Museum of the French chanson
- Established: 24 June 1995
- Location: 8 rue Paul Joyau, La Planche
- Coordinates: 47°1′0.307″N 1°26′12.36″W﻿ / ﻿47.01675194°N 1.4367667°W
- Type: music museum
- Collections: about French music
- Website: laplanche.fr/fr/rb/1759994/le-musee-de-la-chanson-francaise

= Musée de la chanson française =

The Musée de la chanson française is a museum in La Planche, Loire-Atlantique, France. It is dedicated to the chanson (songs in French style) and the musicians that created and sang them.

== History ==
The museum was founded in 1995 with the help of the former maire of La Planche, Lucien Richard (fr). On 24 June of that year it was inaugurated by Michel Boschat, the subprefect of Loire-Atlantique. In 1998 the name Musée de la chanson française was officially deposited at the National Institute of Industrial Property. The goal of the museum is to remember the artists that have established the heritage of the chanson.

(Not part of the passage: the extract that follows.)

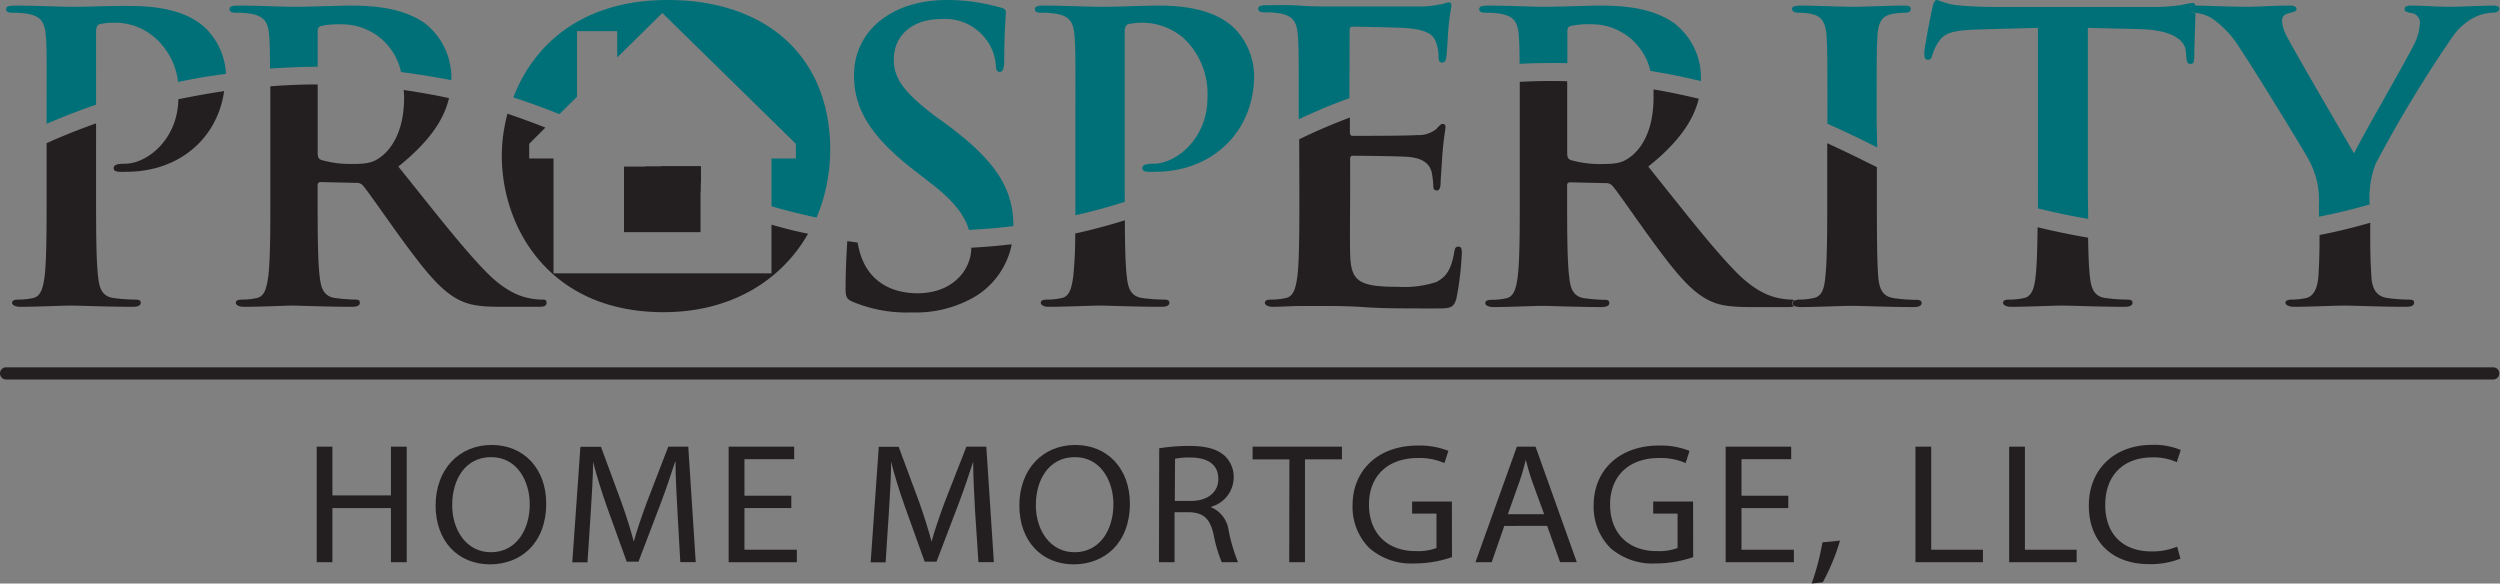 <svg xmlns="http://www.w3.org/2000/svg" viewBox="0 0 307.84 71.85"><rect x="0" y="0" width="307.84" height="71.85" fill="#808080" stroke="none"/><defs><style>.cls-1{fill:#231f20;}.cls-2{fill:#007078;}.cls-3{fill:#fff;}</style></defs><g id="Layer_2" data-name="Layer 2"><g id="Layer_1-2" data-name="Layer 1"><path class="cls-1" d="M307,46.73H.75a.75.75,0,0,1,0-1.5H307a.75.75,0,0,1,0,1.5Z"/><path class="cls-2" d="M11.83,3.93c0-.54.15-.84.39-.94a7.42,7.42,0,0,1,1.93-.19,7.37,7.37,0,0,1,5,1.91,8.56,8.56,0,0,1,2.78,5.39q2.82-.62,5.9-1a8.53,8.53,0,0,0-2.45-5.57c-.79-.73-3-2.79-9.2-2.79C13.86.69,11,.84,9,.84,7.58.84,4.46.69,1.84.69,1.1.69.75.79.75,1.13s.3.44.84.44a10.13,10.13,0,0,1,1.93.15c1.63.34,2,1.13,2.13,2.8s.09,2.94.09,10.4v.33c1.71-.74,3.74-1.56,6.09-2.36Z"/><path class="cls-1" d="M5.74,23.55c0,4.51,0,8.39-.24,10.45-.2,1.42-.45,2.5-1.44,2.7a8,8,0,0,1-1.78.19c-.59,0-.79.15-.79.4s.35.49,1,.49c2,0,5.1-.15,6.23-.15,1.29,0,4.4.15,7.67.15.54,0,.94-.15.94-.49s-.25-.4-.79-.4A20.75,20.75,0,0,1,14,36.7c-1.48-.2-1.78-1.28-1.92-2.65-.25-2.11-.25-6-.25-10.5V15.19c-2.39.85-4.44,1.69-6.09,2.44Z"/><path class="cls-1" d="M15.39,20.16c-1,0-1.39.15-1.39.54s.35.4.6.45a9,9,0,0,0,1,0c6.35,0,11.15-4,12-9.93-2,.29-3.85.64-5.64,1C21.89,17.16,18.12,20.16,15.39,20.16Z"/><path class="cls-1" d="M49.76,12c0,4-1.44,6.28-2.92,7.36-.89.64-1.53.83-3.51.83a12.91,12.91,0,0,1-3.76-.49c-.35-.14-.45-.34-.45-.88V10.4q-3,0-5.83.23V23.55c0,4.51,0,8.39-.25,10.45-.2,1.42-.44,2.5-1.43,2.7a8.12,8.12,0,0,1-1.78.19c-.6,0-.79.15-.79.4s.34.49,1,.49c2,0,5.09-.15,6-.15.74,0,4.4.15,7.27.15.64,0,1-.15,1-.49s-.2-.4-.6-.4a22.3,22.3,0,0,1-2.42-.19c-1.48-.2-1.78-1.28-1.93-2.7-.25-2.06-.25-5.94-.25-10.5v-.69c0-.29.15-.39.4-.39l4.3.1a1,1,0,0,1,.89.34c.65.74,2.92,4.07,4.9,6.77,2.77,3.78,4.65,6.09,6.77,7.22,1.29.68,2.53.93,5.3.93h4.69c.6,0,.94-.1.94-.49s-.19-.4-.59-.4a7.48,7.48,0,0,1-1.38-.14c-.75-.15-2.77-.49-5.54-3.34-2.92-3-6.33-7.41-10.74-12.9,3.81-3.07,5.6-5.73,6.24-8.43-1.89-.41-3.74-.72-5.58-1C49.74,11.39,49.76,11.67,49.76,12Z"/><path class="cls-2" d="M39.12,8.22V3.88c0-.4.1-.59.45-.69A10.69,10.69,0,0,1,42.19,3a7.41,7.41,0,0,1,7.19,5.87c2,.26,4.1.6,6.2,1,0-.12,0-.25,0-.38A8.48,8.48,0,0,0,52.23,2.8C49.56,1,46.25.69,43.13.69c-1.53,0-5.29.15-7,.15-1,0-4.16-.15-6.78-.15-.74,0-1.09.1-1.09.44s.3.44.84.44a10,10,0,0,1,1.93.15c1.63.34,2,1.13,2.13,2.8.06.93.08,1.81.09,3.93C35.18,8.31,37.12,8.23,39.12,8.22Z"/><path class="cls-2" d="M116.69,15.41l-1.39-1c-4.1-3.09-5.24-4.81-5.24-7.07,0-2.94,2.23-5,5.88-5a6.27,6.27,0,0,1,5.39,2.4,5.94,5.94,0,0,1,1.29,3.24c0,.59.15.88.49.88s.55-.39.55-1.47c0-3.83.2-5.25.2-5.89,0-.34-.25-.49-.7-.58A23.72,23.72,0,0,0,116.59,0c-6.88,0-11.43,3.88-11.43,9.27,0,4,1.88,7.41,7.32,11.63l2.28,1.77c2.84,2.2,4.07,4,4.55,5.64,1.89-.1,3.72-.25,5.48-.47C124.77,23.22,122.64,19.85,116.69,15.41Z"/><path class="cls-1" d="M119.6,30.52c0,2.6-2.17,5.59-6.62,5.59-3.07,0-6-1.33-7.08-4.95-.12-.41-.22-.86-.3-1.29l-1.27-.18c-.07,1.21-.21,3.59-.21,5.83,0,1.08.15,1.33.95,1.67a17.26,17.26,0,0,0,7.22,1.28,14.4,14.4,0,0,0,7.86-2,9.73,9.73,0,0,0,4.43-6.39c-1.61.18-3.27.34-5,.42Z"/><path class="cls-2" d="M138.49,23.55V3.93c0-.54.15-.84.4-.94a7.86,7.86,0,0,1,6.87,1.72,9.4,9.4,0,0,1,2.92,7.36c0,5-3.86,8.09-6.63,8.09-1,0-1.38.15-1.38.54s.34.4.59.45a9,9,0,0,0,1,0c7,0,12.17-4.9,12.17-11.87A8.51,8.51,0,0,0,152,3.48c-.79-.73-3-2.79-9.2-2.79-2.27,0-5.14.15-7.17.15-1.38,0-4.5-.15-7.12-.15-.74,0-1.08.1-1.08.44s.29.44.83.44a10,10,0,0,1,1.93.15c1.64.34,2,1.13,2.13,2.8s.1,2.94.1,10.4V26.51c2.15-.49,4.18-1.05,6.08-1.66Z"/><path class="cls-1" d="M132.16,34c-.2,1.42-.44,2.5-1.43,2.7a8.12,8.12,0,0,1-1.78.19c-.6,0-.79.15-.79.4s.34.49,1,.49c2,0,5.09-.15,6.23-.15s4.4.15,7.66.15c.55,0,.94-.15.94-.49s-.24-.4-.79-.4a20.59,20.59,0,0,1-2.52-.19c-1.49-.2-1.78-1.28-1.93-2.65-.18-1.53-.23-4-.24-6.92-1.92.59-3.95,1.15-6.11,1.62A51.83,51.83,0,0,1,132.16,34Z"/><path class="cls-1" d="M160,23.55c0,4.51,0,8.39-.24,10.45-.2,1.42-.45,2.5-1.44,2.7a8,8,0,0,1-1.78.19c-.59,0-.79.15-.79.4s.35.49,1,.49c1,0,2.28-.1,3.41-.1s2.28,0,2.82,0c1.49,0,3,0,5.15.15s4.84.15,8.55.15c1.88,0,2.33,0,2.67-1.28a37.79,37.79,0,0,0,.65-5.45c0-.49,0-.88-.4-.88s-.45.2-.54.74c-.35,2-.94,3-2.23,3.63a12.82,12.82,0,0,1-4.65.58c-5,0-5.84-.73-5.93-4.11-.05-1.43,0-5.94,0-7.61V19.67c0-.29.05-.49.29-.49,1.19,0,6.09.05,7,.15,1.83.2,2.52.93,2.76,1.91a12.77,12.77,0,0,1,.2,1.77c0,.25.1.44.45.44s.44-.54.44-.93.15-2.31.2-3.29c.2-2.5.4-3.28.4-3.58s-.15-.39-.35-.39-.44.24-.79.64a3.5,3.5,0,0,1-2.37.73c-1.14.1-6.83.1-7.92.1-.29,0-.34-.2-.34-.54V14.47c-2.25.85-4.34,1.75-6.24,2.68Z"/><path class="cls-2" d="M166.19,3.78c0-.35.09-.49.34-.49,1,0,6.19.1,7,.19,2.47.3,3,.89,3.31,1.77a5.17,5.17,0,0,1,.3,1.77c0,.44.1.68.44.68s.45-.29.49-.54c.11-.59.21-2.74.25-3.23a30.58,30.58,0,0,1,.4-3.19c0-.25-.05-.45-.3-.45a4.82,4.82,0,0,0-.79.2,19.4,19.4,0,0,1-2.13.3c-.94,0-10.78,0-12.36,0-.69,0-1.83,0-3.12-.1s-2.67-.05-4-.05c-.74,0-1.09.1-1.09.44s.3.44.84.44a10.13,10.13,0,0,1,1.93.15c1.63.34,2,1.13,2.12,2.8s.1,2.92.1,10.22c1.92-.91,4-1.79,6.24-2.6Z"/><path class="cls-1" d="M220.69,37.29c0-.15.08-.25.26-.32a.81.81,0,0,0-.34-.08,7.56,7.56,0,0,1-1.38-.14c-.74-.15-2.77-.49-5.54-3.34-2.92-3-6.33-7.41-10.73-12.9,3.76-3,5.56-5.68,6.22-8.35q-2.84-.69-5.57-1.15c0,.32,0,.63,0,1,0,4-1.43,6.28-2.92,7.36-.89.64-1.53.83-3.51.83a12.91,12.91,0,0,1-3.76-.49c-.34-.14-.44-.34-.44-.88V10q-3-.08-5.84.08v13.5c0,4.51,0,8.39-.25,10.45-.19,1.42-.44,2.5-1.43,2.7a8,8,0,0,1-1.78.19c-.59,0-.79.15-.79.4s.35.49,1,.49c2,0,5.09-.15,6-.15.74,0,4.4.15,7.27.15.64,0,1-.15,1-.49s-.2-.4-.59-.4a22.47,22.47,0,0,1-2.43-.19c-1.48-.2-1.78-1.28-1.92-2.7-.25-2.06-.25-5.94-.25-10.5v-.69c0-.29.14-.39.39-.39l4.31.1a1.06,1.06,0,0,1,.89.34c.64.74,2.92,4.07,4.89,6.77,2.77,3.78,4.65,6.09,6.78,7.22,1.28.68,2.52.93,5.29.93h4.7a1.62,1.62,0,0,0,.7-.11A.4.4,0,0,1,220.69,37.29Z"/><path class="cls-2" d="M193,7.78V3.88c0-.4.1-.59.44-.69a10.79,10.79,0,0,1,2.62-.2,7.4,7.4,0,0,1,7.16,5.74c2,.33,4.12.74,6.23,1.26,0-.16,0-.31,0-.47a8.46,8.46,0,0,0-3.37-6.72C203.45,1,200.14.69,197,.69c-1.53,0-5.29.15-7,.15-1,0-4.16-.15-6.77-.15-.75,0-1.09.1-1.09.44s.29.44.84.44a10.13,10.13,0,0,1,1.93.15c1.63.34,2,1.13,2.12,2.8.06.84.08,1.64.09,3.34Q190,7.71,193,7.78Z"/><path class="cls-1" d="M225,17.63v5.92c0,4.76,0,8.63-.25,10.69-.15,1.43-.45,2.26-1.44,2.46a8,8,0,0,1-1.78.19A1.64,1.64,0,0,0,221,37c-.18.07-.26.17-.26.32a.4.4,0,0,0,.28.38,1.88,1.88,0,0,0,.71.11c2,0,5.09-.15,6.23-.15,1.34,0,4.45.15,7.72.15.54,0,.94-.15.94-.49s-.25-.4-.8-.4a20.59,20.59,0,0,1-2.52-.19c-1.48-.2-1.83-1.08-2-2.41-.19-2.11-.19-6-.19-10.74v-3l-1-.49C228.35,19.2,226.64,18.4,225,17.63Z"/><path class="cls-2" d="M231.08,14.92c0-7.46,0-8.84.1-10.4.09-1.72.49-2.56,1.83-2.8a8.15,8.15,0,0,1,1.48-.15c.49,0,.79-.1.79-.49s-.4-.39-1-.39c-1.88,0-4.79.15-6,.15-1.44,0-4.55-.15-6.43-.15-.79,0-1.19.1-1.19.39s.3.49.79.49a6.94,6.94,0,0,1,1.78.2c1.09.24,1.59,1.08,1.69,2.75s.1,2.94.1,10.4v.32q3,1.32,6.13,2.92Z"/><path class="cls-2" d="M257.09,23.55V3.43l6.23.15c4.4.1,5.73,1.47,5.83,2.75l.05.54c.05.74.15,1,.55,1s.39-.29.44-.78c0-1.21.13-4.3.15-5.5h0c-.39,0-.74-.1-.74-.44s.28-.39.73-.43c-.05-.24-.14-.36-.34-.36a11.6,11.6,0,0,0-1.34.25,23.41,23.41,0,0,1-3.41.25H245.61c-1.63,0-3.51-.1-4.94-.25A11.74,11.74,0,0,1,238.54,0c-.3,0-.44.29-.59.93-.1.4-1,4.86-1,5.64,0,.55.1.79.44.79s.45-.2.55-.59a5.76,5.76,0,0,1,.84-1.72c.74-1.07,1.93-1.32,4.8-1.42l7.36-.2V25.66q3.15.78,6.19,1.29Z"/><path class="cls-1" d="M250.66,34c-.15,1.42-.45,2.5-1.44,2.7a8,8,0,0,1-1.78.19c-.59,0-.79.15-.79.4s.35.49,1,.49c2,0,5.09-.15,6.23-.15,1.39,0,4.5.15,7.77.15.54,0,.94-.15.94-.49s-.25-.4-.8-.4a20.74,20.74,0,0,1-2.52-.19c-1.48-.2-1.78-1.28-1.93-2.65-.13-1.14-.19-2.8-.22-4.78-2-.35-4.1-.77-6.22-1.29C250.87,30.54,250.82,32.66,250.66,34Z"/><path class="cls-1" d="M296.51,36.89A20.69,20.69,0,0,1,294,36.7c-1.48-.2-1.93-1.28-2-2.7-.14-2.06-.14-4.12-.14-4.91V27.43c-1.94.56-4,1.07-6.24,1.51v.15c0,.79,0,2.85-.14,4.91-.1,1.42-.55,2.5-1.54,2.7a7.91,7.91,0,0,1-1.73.19c-.54,0-.79.15-.79.4s.4.49,1.09.49c1.83,0,4.94-.15,6.18-.15s4.45.15,7.57.15c.64,0,1-.15,1-.49S297.06,36.89,296.51,36.89Z"/><path class="cls-2" d="M269.56,1.13c0,.34.35.44.74.44h0a5.24,5.24,0,0,1,2,.64,12,12,0,0,1,3.41,3.58c1.73,2.55,8.36,13.34,8.71,14.13a10.36,10.36,0,0,1,1.13,5.15v1.61c2.22-.43,4.3-.94,6.24-1.51v-.1a11.7,11.7,0,0,1,.74-4.91,158.34,158.34,0,0,1,9.44-15.6,7.38,7.38,0,0,1,2.68-2.4,5.37,5.37,0,0,1,2.17-.59c.54,0,.94-.15.94-.49s-.35-.39-.89-.39c-.94,0-4.2.15-5.29.15-1.44,0-3-.15-4.65-.15-.6,0-.84.1-.84.44s.44.39.89.49a1.18,1.18,0,0,1,1,1.23,6.45,6.45,0,0,1-.69,2.55c-.7,1.52-6.93,12.31-7.42,13.49-.79-1.37-7.72-13.2-8.41-14.67A4.46,4.46,0,0,1,281,2.55a.88.88,0,0,1,.69-.88c.74-.2,1.09-.25,1.09-.54s-.25-.44-.75-.44c-2.22,0-4.25.15-5.29.15-1.63,0-5.34-.15-6.23-.15h-.21C269.84.74,269.56.87,269.56,1.13Z"/><path class="cls-3" d="M86.3,23.6c-2.23-1-4.68-2.1-7-3.12H76.82v8.15H86.3Z"/><path class="cls-1" d="M95,27.66v6H68.16V19.51h-3v-1.8l2-2C65.61,15.1,64,14.52,62.49,14a20.3,20.3,0,0,0-.7,5.2c0,8.69,5.73,19.24,19.93,19.24,8.24,0,14.47-3.85,17.78-9.66C98,28.48,96.49,28.1,95,27.66Z"/><rect class="cls-1" x="76.82" y="20.48" width="9.47" height="8.15"/><path class="cls-1" d="M40.93,55v6h7.21V55h1.94V69.23H48.14V62.56H40.93v6.67H39V55Z"/><path class="cls-1" d="M67.26,62c0,4.88-3.12,7.49-6.92,7.49-4,0-6.7-2.93-6.7-7.23,0-4.52,2.92-7.47,6.9-7.47S67.26,57.73,67.26,62Zm-11.58.22c0,3,1.72,5.78,4.77,5.78s4.78-2.68,4.78-5.91c0-2.85-1.55-5.8-4.76-5.8S55.68,59.08,55.68,62.19Z"/><path class="cls-1" d="M83.42,63c-.11-2-.24-4.39-.24-6.14h-.05c-.53,1.64-1.13,3.44-1.88,5.4l-2.63,6.9H77.17l-2.44-6.77c-.7-2-1.28-3.84-1.7-5.53h0c0,1.77-.16,4.13-.29,6.28l-.4,6.1H70.47l1-14.22H74l2.54,6.88c.62,1.75,1.11,3.31,1.5,4.79h0c.4-1.44.93-3,1.59-4.79L82.29,55h2.46l.92,14.22h-1.9Z"/><path class="cls-1" d="M97.44,62.56H91.67v5.13h6.45v1.54h-8.4V55h8.07v1.54H91.67v4.5h5.77Z"/><path class="cls-1" d="M120.07,63c-.11-2-.24-4.39-.24-6.14h0c-.53,1.64-1.13,3.44-1.88,5.4l-2.63,6.9h-1.46l-2.43-6.77c-.71-2-1.28-3.84-1.7-5.53h0c0,1.77-.15,4.13-.28,6.28l-.4,6.1h-1.84l1-14.22h2.45l2.55,6.88c.62,1.75,1.1,3.31,1.5,4.79h0c.4-1.44.93-3,1.59-4.79L119,55h2.45l.93,14.22h-1.9Z"/><path class="cls-1" d="M139.13,62c0,4.88-3.12,7.49-6.92,7.49-4,0-6.69-2.93-6.69-7.23,0-4.52,2.91-7.47,6.89-7.47S139.13,57.73,139.13,62Zm-11.58.22c0,3,1.72,5.78,4.77,5.78s4.78-2.68,4.78-5.91c0-2.85-1.55-5.8-4.75-5.8S127.55,59.08,127.55,62.19Z"/><path class="cls-1" d="M142.74,55.2a23.22,23.22,0,0,1,3.69-.29c2.06,0,3.4.38,4.31,1.16a3.54,3.54,0,0,1,1.17,2.72,3.77,3.77,0,0,1-2.78,3.61v.06a3.59,3.59,0,0,1,2.16,2.87,22.19,22.19,0,0,0,1.15,3.9h-2a17.55,17.55,0,0,1-1-3.39c-.44-2-1.26-2.71-3-2.77h-1.81v6.16h-1.92Zm1.92,6.48h2c2.05,0,3.36-1.08,3.36-2.7,0-1.84-1.39-2.64-3.43-2.64a8.39,8.39,0,0,0-1.9.15Z"/><path class="cls-1" d="M158.77,56.57h-4.53V55h11v1.56h-4.55V69.23h-1.94Z"/><path class="cls-1" d="M178.79,68.6a13.89,13.89,0,0,1-4.59.78,7.87,7.87,0,0,1-5.57-1.88,7.14,7.14,0,0,1-2.08-5.29c0-4.24,3.07-7.35,8.07-7.35a9.59,9.59,0,0,1,3.73.66l-.49,1.5a7.61,7.61,0,0,0-3.29-.62c-3.62,0-6,2.16-6,5.72s2.26,5.74,5.75,5.74a6.52,6.52,0,0,0,2.56-.38V63.24h-3V61.76h4.9Z"/><path class="cls-1" d="M185.23,64.76l-1.55,4.47h-2L186.78,55h2.3l5.08,14.22H192.1l-1.59-4.47Zm4.91-1.44-1.49-4.09c-.33-.93-.55-1.77-.77-2.59h0c-.22.82-.44,1.71-.75,2.57l-1.46,4.11Z"/><path class="cls-1" d="M208.49,68.6a14,14,0,0,1-4.6.78,7.87,7.87,0,0,1-5.57-1.88,7.14,7.14,0,0,1-2.08-5.29c0-4.24,3.07-7.35,8.07-7.35a9.59,9.59,0,0,1,3.73.66l-.48,1.5a7.69,7.69,0,0,0-3.3-.62c-3.62,0-6,2.16-6,5.72s2.26,5.74,5.75,5.74a6.52,6.52,0,0,0,2.56-.38V63.24h-3V61.76h4.91Z"/><path class="cls-1" d="M220.2,62.56h-5.76v5.13h6.45v1.54h-8.4V55h8.07v1.54h-6.12v4.5h5.76Z"/><path class="cls-1" d="M223.08,71.85a30.49,30.49,0,0,0,1.33-5.07l2.16-.21a26,26,0,0,1-2.12,5.13Z"/><path class="cls-1" d="M235.86,55h1.94V67.69h6.37v1.54h-8.31Z"/><path class="cls-1" d="M247.4,55h1.94V67.69h6.37v1.54H247.4Z"/><path class="cls-1" d="M268.49,68.79a9.89,9.89,0,0,1-3.94.67c-4.2,0-7.34-2.53-7.34-7.21,0-4.47,3.16-7.47,7.78-7.47a8.47,8.47,0,0,1,3.54.63l-.49,1.5a7,7,0,0,0-3-.59c-3.49,0-5.81,2.13-5.81,5.87,0,3.5,2.1,5.71,5.7,5.71a8,8,0,0,0,3.16-.59Z"/><path class="cls-1" d="M86.3,22.57V20.48h-5C83,21.22,84.71,21.93,86.3,22.57Z"/><path class="cls-2" d="M82.21,0c-10.71,0-16.58,5.66-19,12q2.81.9,5.67,2.06l0,0,2.17-2.14V3.83H76V7.08L81.56,1.6,98,17.71v1.8H95V25.4c1.87.54,3.73,1,5.55,1.39a21.47,21.47,0,0,0,1.68-8.44C102.19,7.12,94.53,0,82.21,0Z"/></g></g></svg>

The museum is located in an old chapel of a retirement home in La Planche. The retirement home was closed in 1991. The idea to locate it in this chapel, came in 1992 at a meeting between Maurice Lecorps, the president of the Musidora Association, and the singer Serge Urso. Not far from the chapel, in Saint-Philbert-de-Grand-Lieu, the Musidora Association annually organized the regional contest of French chansons.

== Collection ==
The museum exhibits its large collection in the nave of the chapel. A variety of pieces is exposed in display cabinets and on the walls. The museum shows a great number of records of wax and vinyl, golden and platinum records, photographs, posters, books, sculptures, and various audio players, including a jukebox and a barrel organ. The museum possesses of some rare material, like posters that have never been published and signed record covers. The oldest record in the museum dates from 1850.